Автомобиль собрал из старья отец Анжелы, а юный Антоша Сергачев носился на нем по всему городу. Когда появился фильм «Всадник без головы», всем стало ясно, что синеглазый красавец — вылитый Олег Видов. Он нравился девчонкам и зрелым дамам. Женился сразу после армии и уже имел двух детей — младших школьников. Так что для Анжелы он остался «дядей», хотя сохранил спортивную гибкость поджарого тела, синеву прищуренных глаз. Антон не носил темных очков и от этого заработал массу мелких лучистых морщинок, а волосы у него летом выгорали до льняной белизны.

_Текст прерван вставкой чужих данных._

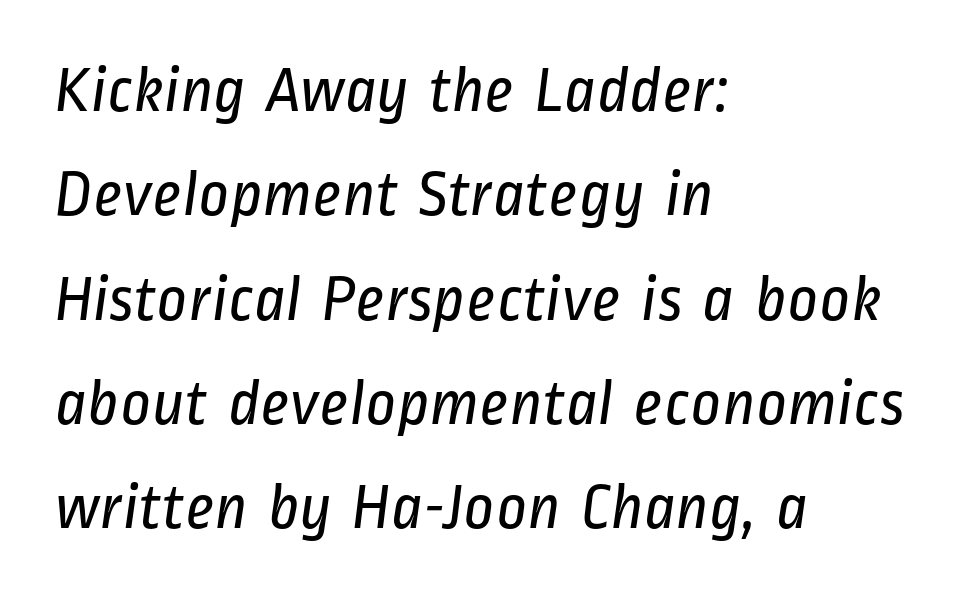
{"serif": "no", "bold": "no", "weight": "regular", "width": "condensed", "stroke_contrast": "low", "x_height": "medium", "monospaced": "no", "underline": "no", "align": "left", "line_spacing": "normal", "line_spacing_ratio": 1.58, "letter_spacing": "normal", "letter_spacing_em": 0.0, "glyph_px": 66}
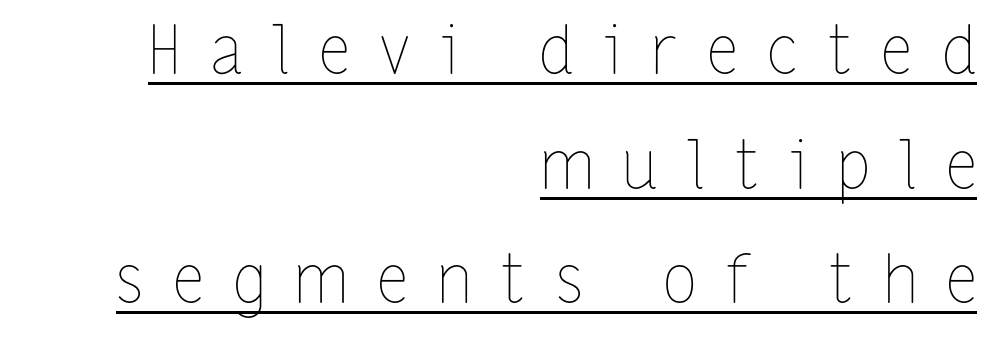
{"italic": "no", "bold": "no", "weight": "thin", "width": "condensed", "stroke_contrast": "low", "x_height": "medium", "monospaced": "no", "underline": "yes", "align": "right", "line_spacing_ratio": 1.71, "letter_spacing": "wide", "letter_spacing_em": 0.46, "glyph_px": 67}

— Дядя Антон, а мусульмане на русских женятся?
— Предложение наш султан сделал?
— Не такое, как надо, — потупилась Анжела. — А в принципе?
— В принципе, девочка, все возможно. Абсолютно все. Вон видишь, на водных болгарская красотуля несется? А Лара Решетова с фотографом бурно дискутирует. И ведь не замечают, сукины дети, что рядом шахматист толчется. Головастый, между прочим, парень. Пригляделась бы ты лучше к нему. Знаешь, умелая женщина из любого мужика может Наполеона сделать. Если у него, конечно, вот тут, — он постучал по виску пальцем, — извилины шуршат.

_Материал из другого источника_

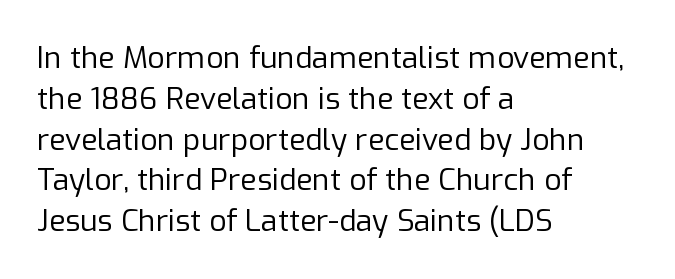
Characters remain perfectly vertical along every line. Stem width sits at or under what a default text font uses. Only glyphs here, with clear space below each row. The vertical gap from one line to the next is medium. Each letter keeps its own natural width here, so spacing adapts to shape.
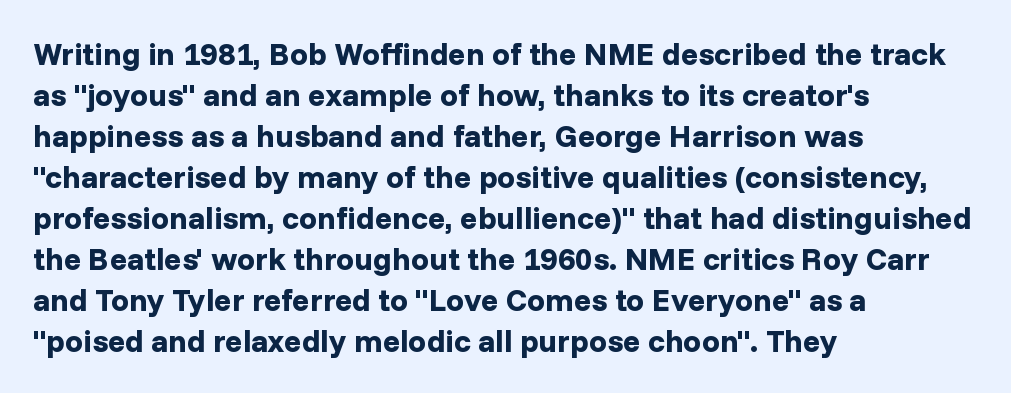
The image shows 32 px bold sans-serif type, upright; set left-aligned, normal line spacing (1.28x), normal letter spacing, not underlined; low stroke contrast and a medium x-height.
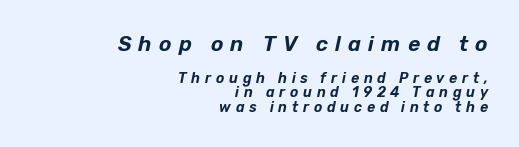
{"italic": "yes", "lean": "right", "slant_degrees": 12, "underline": "no", "align": "right", "line_spacing": "tight", "line_spacing_ratio": 1.02, "letter_spacing": "wide", "letter_spacing_em": 0.34, "larger_block": "first", "size_ratio": 1.5, "glyph_px": 21}

— Не вдохновляет, — покачала головой Анжела. — Вы ж, наверно, о празднике Нептуна поговорить хотели? Прошлый-то, майский, прошел, слыхала, без обычного блеска.
— Скучный заезд был. Директор в Москву уехал… Ну, естественно, упились и разгулялись.
— Теперь грандиозные планы. Юрий Кузьмич сказал, что прямо над баром помост сделают. Мы на нем будем петь, после того как вы из волн появитесь.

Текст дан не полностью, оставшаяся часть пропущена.